Let's talk about austere in the sense we are talking about. SF goes into countries as the lone officia/nnoficial US military p prescence. Not just a FOB in Astan, I am talking no one else around, completely supported off what you brought, and what you buy... In some cases in teams of less than 5.


----------



## F.CASTLE (May 22, 2012)

Can one of the Mods move this thread to the Marine SOF section? Perhaps we can get some insight and accurate info from Uncle Petey or Hitman2/3 .......    Both CSOs, both Old as Fuck...:-"


----------



## 0699 (May 23, 2012)

Etype said:


> IPs were never in very austere situations...


 
I guess it depends on your definition of austere.  I'm only familiar with the situation in Al Anbar.  2005-2008 there were some pretty remote posts out on the Syria/Jordan border that had a few Marines embedded with them in a BPTT.



cback0220 said:


> Let's talk about austere in the sense we are talking about. SF goes into countries as the lone officia/nnoficial US military p prescence. Not just a FOB in Astan, I am talking no one else around, completely supported off what you brought, and what you buy... In some cases in teams of less than 5.


 
Agreed.  I'm not trying to stand here and scream the the Corps does things better than SF, just that historically Marines have done the "embed with the locals" thing.


----------



## fox1371 (May 23, 2012)

Etype said:


> Combat engineer ≠ 18C, that's like saying a 68B = 18D, or 18B = 11B.

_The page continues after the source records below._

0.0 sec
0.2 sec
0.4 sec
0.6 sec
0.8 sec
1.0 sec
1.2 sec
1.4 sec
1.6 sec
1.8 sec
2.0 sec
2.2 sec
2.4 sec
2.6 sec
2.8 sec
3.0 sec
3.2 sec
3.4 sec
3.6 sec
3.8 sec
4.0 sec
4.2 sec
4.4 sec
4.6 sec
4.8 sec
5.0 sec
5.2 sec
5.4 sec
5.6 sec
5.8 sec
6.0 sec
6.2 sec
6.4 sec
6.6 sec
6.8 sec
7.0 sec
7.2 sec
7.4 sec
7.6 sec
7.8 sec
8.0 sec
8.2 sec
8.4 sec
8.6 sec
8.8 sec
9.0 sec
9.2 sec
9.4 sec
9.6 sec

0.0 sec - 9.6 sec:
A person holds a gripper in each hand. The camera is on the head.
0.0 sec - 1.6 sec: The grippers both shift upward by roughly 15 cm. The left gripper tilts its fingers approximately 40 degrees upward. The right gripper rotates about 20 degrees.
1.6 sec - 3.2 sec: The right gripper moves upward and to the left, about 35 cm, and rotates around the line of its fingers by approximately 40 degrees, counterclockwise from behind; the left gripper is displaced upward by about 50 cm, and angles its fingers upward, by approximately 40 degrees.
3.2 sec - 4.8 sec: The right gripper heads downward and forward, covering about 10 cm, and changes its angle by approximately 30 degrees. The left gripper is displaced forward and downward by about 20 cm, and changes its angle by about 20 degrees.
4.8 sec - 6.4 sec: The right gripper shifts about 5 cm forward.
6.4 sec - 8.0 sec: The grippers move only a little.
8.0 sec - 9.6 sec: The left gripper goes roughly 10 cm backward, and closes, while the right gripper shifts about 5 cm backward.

Oh PLEASE don't compare Army Engineers to Marine Engineers hahaha.  My last deployment left me with an interesting vew on the Army's SOP's in Afghanistan. 

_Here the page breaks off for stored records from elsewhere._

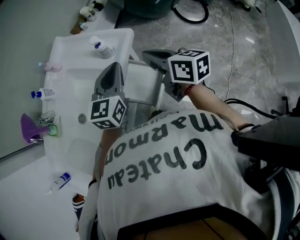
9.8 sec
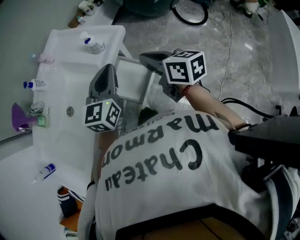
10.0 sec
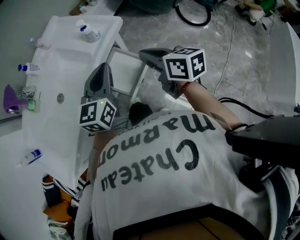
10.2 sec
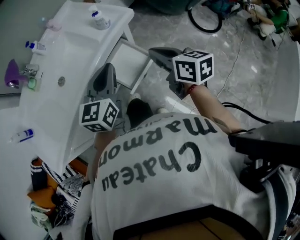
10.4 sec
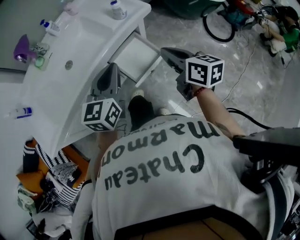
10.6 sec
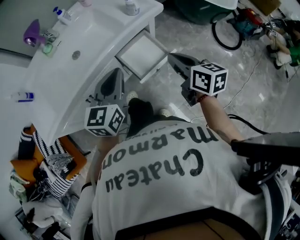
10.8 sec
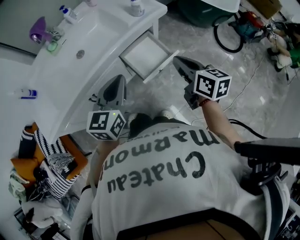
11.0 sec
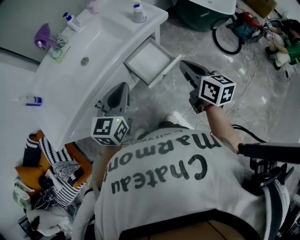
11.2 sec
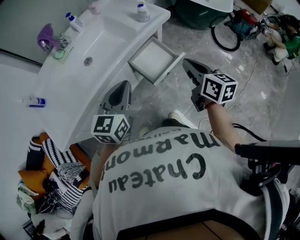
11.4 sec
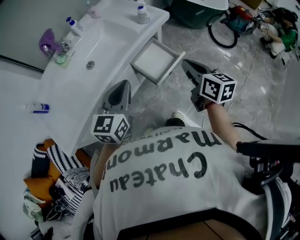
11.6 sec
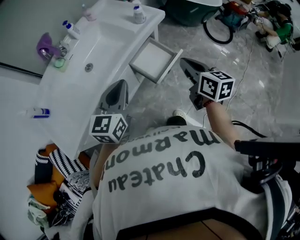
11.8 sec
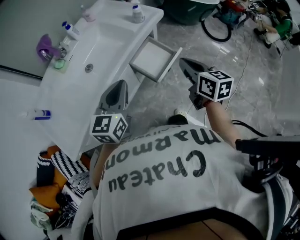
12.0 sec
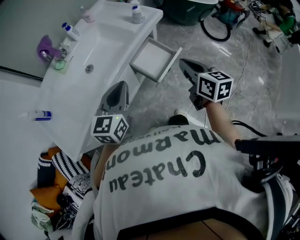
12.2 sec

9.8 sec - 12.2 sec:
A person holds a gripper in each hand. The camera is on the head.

I understand what you're saying though.  My only point is that the average Marine transitioning into MARSOC is going to have more exposure to improvising, adapting, and overcoming then your average Sailor that is going through BUD/S. 

I do see the SEALS relying heavily on the Seabees etc though.  However IMO it is not because the SEALS are necessarily incapable of accomplishing those tasks...I think that the Navy has just designed a system where SEALS just don't have to concern themselves with it as much.  Of course situation will always dictate on what skill sets are going to be needed anyways.  If you're primary mission is DA, then I would completely understand "outsourcing" your labor etc to general forces.  If you're embedding in with locals in the middle of nowhere, then yeah you had better have learned some McGyver skills.  :)


----------



## fox1371 (May 23, 2012)

Astraeus14 said:


> Thank you for the detailed and informative response. Does anyone have any information on 2 & 3?


No idea about 2. 

#3- I would ASSUME that VBSS training is received at some point during their career.  I had the pleasure of working some VBSS courses out in the Pacific for 3rd Recon.  So if Battalion Recon gets the VBSS training, than I would say it's a safe bet that MARSOC does as well.  Mission will always dictate though.  I have no idea about GOPLAT.  They stood Force back up though as well, and the primary focus on Force being stood back up was to focus more towards the Maritime stuff.  IME with MARSOC they were conducting for FID missions, or so they told me. 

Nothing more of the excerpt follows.